Aaron's name appears five times in the New Testament (Lk 1:5; Acts 7:40; Heb 5:4; 7:11; 9:4). Of note is Hebrews 5:4, which states that an individual may not presume to take on the office of priest, “but takes it only when called by God, just as Aaron was.” This statement well sums up the dominant image of Aaron in the Hebrew Bible and later traditions: an individual chosen and designated by God for a specific status and function.

Bibliography

  • Cody, Aelred. A History of Old Testament Priesthood. Rome: Pontifical Biblical Institute, 1969. Argues that there is no anti-Aaronide polemic in Exodus 32, except in v. 25b, which is a late addition to the text.
  • Cody, Aelred. “Aaron: A Figure with Many Facets.” The Bible Today 88 (1977): 1088–1094.
  • Gilders, William K. Blood Ritual in the Hebrew Bible: Meaning and Power. Baltimore: The Johns Hopkins University Press, 2004. Discussion of how Aaron's special status is ritually marked.
  • Ginsberg, H. L. The Israelian Heritage of Judaism. New York: Jewish Theological Seminary of America, 1982. See p. 85, n. 103 for information on the non-Aaronide tradition that Aaron was not Moses' full elder brother.
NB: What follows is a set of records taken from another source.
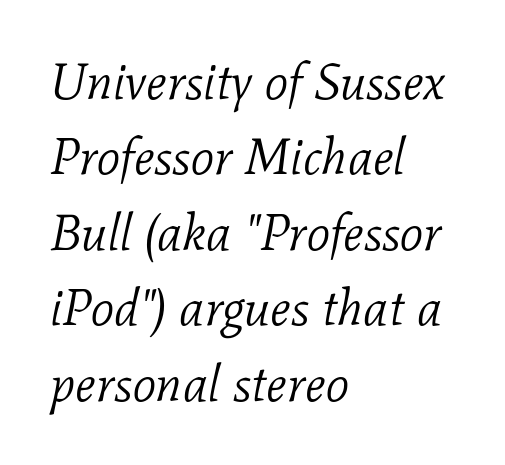
Q: Is the text bold? A: No.
Q: Is the text italic (slanted)? A: Yes, it leans right by about 11 degrees.
Q: Is the typeface a serif or a sans-serif typeface? A: Serif.
Q: Is the text underlined? A: No.
Q: How is the paragraph aligned? A: Left-aligned.
Q: Is the spacing between letters normal or unusually wide? A: Normal.
Q: Is the spacing between lines tight, normal or loose? A: Normal.
Q: Width (condensed, normal, or wide)? A: Normal.
Q: Stroke contrast? A: Low.
Q: x-height? A: Medium.
Q: Monospaced? A: No.
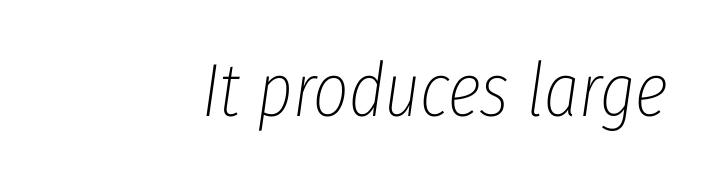
Varying glyph widths throughout — classic text-font behaviour. Check under the words: just untouched page. If you drew a ruler down the right edge, every line would touch it. Between one letter and the next there's only the usual sliver of space. Would a proofreader flag this as italicized? Yes. The typesetting does not lean heavy: it is not bold.
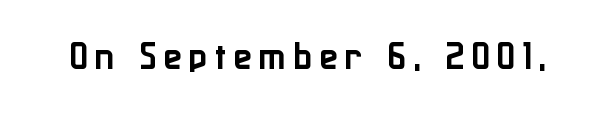
{"serif": "no", "italic": "no", "width": "normal", "stroke_contrast": "low", "x_height": "medium", "monospaced": "no", "underline": "no", "letter_spacing": "wide", "letter_spacing_em": 0.21, "glyph_px": 31}
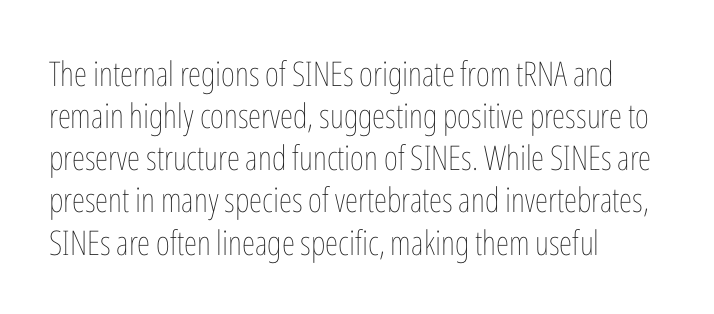
The image shows 34 px thin, condensed type, upright; set left-aligned, line spacing 1.24x, normal letter spacing, not underlined; low stroke contrast and a medium x-height.
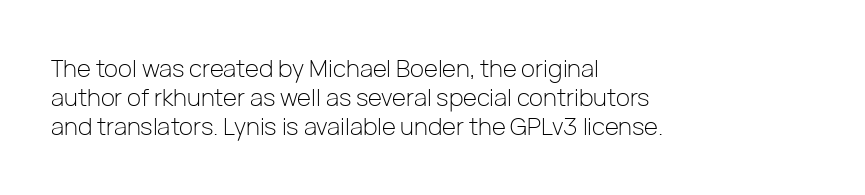
The image shows 24 px text type, upright; set left-aligned, line spacing 1.21x, normal letter spacing, not underlined.
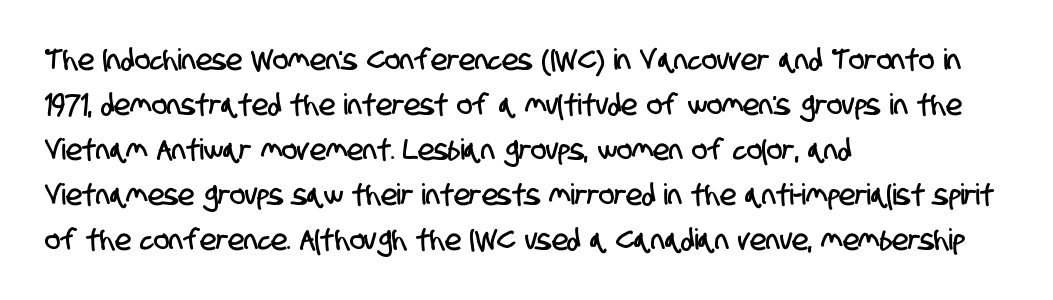
{"serif": "no", "width": "condensed", "stroke_contrast": "low", "x_height": "large", "monospaced": "no", "underline": "no", "align": "left", "line_spacing": "normal", "line_spacing_ratio": 1.55, "letter_spacing": "normal", "letter_spacing_em": 0.0, "glyph_px": 29}
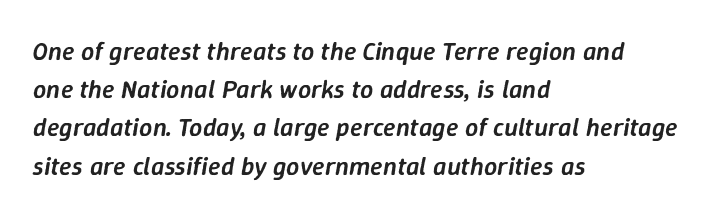
Check the space under the baseline: it is left empty. The typesetting leans somewhat heavy: a semibold. No extra tracking has been applied to these lines. Notice how the passage keeps a crisp vertical edge on the left only.
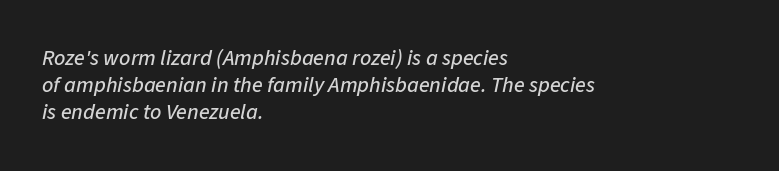
Descenders hang freely into open space. The lines are quadded left. Does extra space separate the letters? No, they use regular spacing. When letters slant like this, we call the style italic.
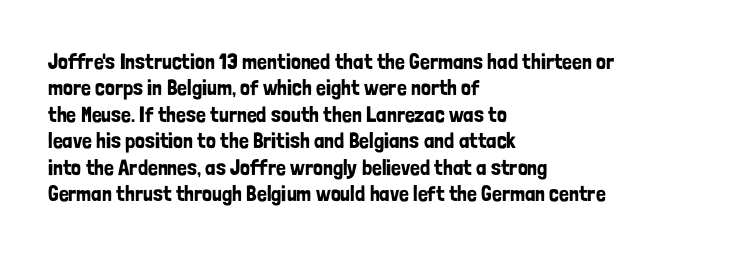
The image shows 22 px text type, upright; set left-aligned, line spacing 1.2x, normal letter spacing, not underlined.
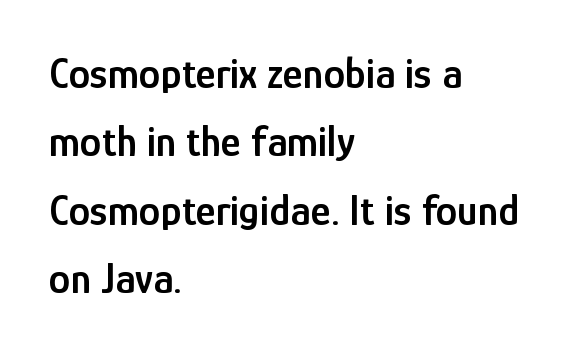
The image shows 43 px semibold, condensed sans-serif type, upright; set left-aligned, normal line spacing (1.59x), normal letter spacing, not underlined; low stroke contrast and a medium x-height.
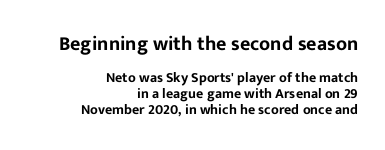
Q: Is the text italic (slanted)? A: No, it is upright.
Q: Is the text underlined? A: No.
Q: How is the paragraph aligned? A: Right-aligned.
Q: Is the spacing between letters normal or unusually wide? A: Normal.
Q: Is the spacing between lines tight, normal or loose? A: Tight.
Q: Which block of text is set in a larger size, the first (top) or the second (bottom)? A: The first (top) one.
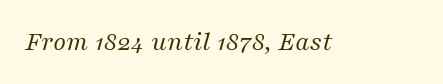
Q: Is the text bold? A: No.
Q: Is the text italic (slanted)? A: Yes, it leans right by about 16 degrees.
Q: Is the typeface a serif or a sans-serif typeface? A: Serif.
Q: Is the text underlined? A: No.
Q: Is the spacing between letters normal or unusually wide? A: Normal.
Q: Width (condensed, normal, or wide)? A: Normal.
Q: Stroke contrast? A: Medium.
Q: x-height? A: Medium.
Q: Monospaced? A: No.

  • Loewenstamm, Samuel E. “The Making and Destruction of the Golden Calf.” Biblica 48 (1967): 481–490. Argues that Aaron is not lying in Exodus 32:24, but that the narrative really does indicate that the calf emerged fully-formed from the fire.
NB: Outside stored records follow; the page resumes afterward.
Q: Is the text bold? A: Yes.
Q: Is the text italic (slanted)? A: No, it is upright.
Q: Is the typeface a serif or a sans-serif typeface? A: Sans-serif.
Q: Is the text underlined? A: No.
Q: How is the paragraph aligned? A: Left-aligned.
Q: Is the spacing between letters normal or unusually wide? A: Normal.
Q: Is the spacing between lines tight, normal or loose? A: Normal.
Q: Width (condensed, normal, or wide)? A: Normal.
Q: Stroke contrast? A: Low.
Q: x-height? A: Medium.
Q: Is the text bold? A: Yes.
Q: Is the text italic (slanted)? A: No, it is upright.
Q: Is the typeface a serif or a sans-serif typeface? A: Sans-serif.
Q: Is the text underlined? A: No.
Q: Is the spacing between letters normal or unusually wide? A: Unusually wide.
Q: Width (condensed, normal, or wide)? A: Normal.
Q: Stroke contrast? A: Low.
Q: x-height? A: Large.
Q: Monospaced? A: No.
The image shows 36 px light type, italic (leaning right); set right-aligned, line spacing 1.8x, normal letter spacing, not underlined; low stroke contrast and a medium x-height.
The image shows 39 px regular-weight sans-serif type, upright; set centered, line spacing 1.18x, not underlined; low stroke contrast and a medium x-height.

  • Nihan, Christophe. From Priestly Torah to Pentateuch: A Study in the Composition of the Book of Leviticus. Tübingen, Germ.: Mohr Siebeck, 2007. Provides useful insights on the Aaronide concerns of the Priestly and related authors, and discussion of Aaron's legal instruction of Moses in Lev 10:19–20.
  • White, Marsha. “The Elohistic Depiction of Aaron: A Study in the Levite-Zadokite Controversy.” In Studies in the Pentateuch, edited by J. A. Emerton, pp. 149–159. VTSup 41. Leiden, The Neth.: Brill, 1990. Makes a strong case for anti-Aaronide polemic in the negative portrayals of Aaron in Exod 32 and Num 12.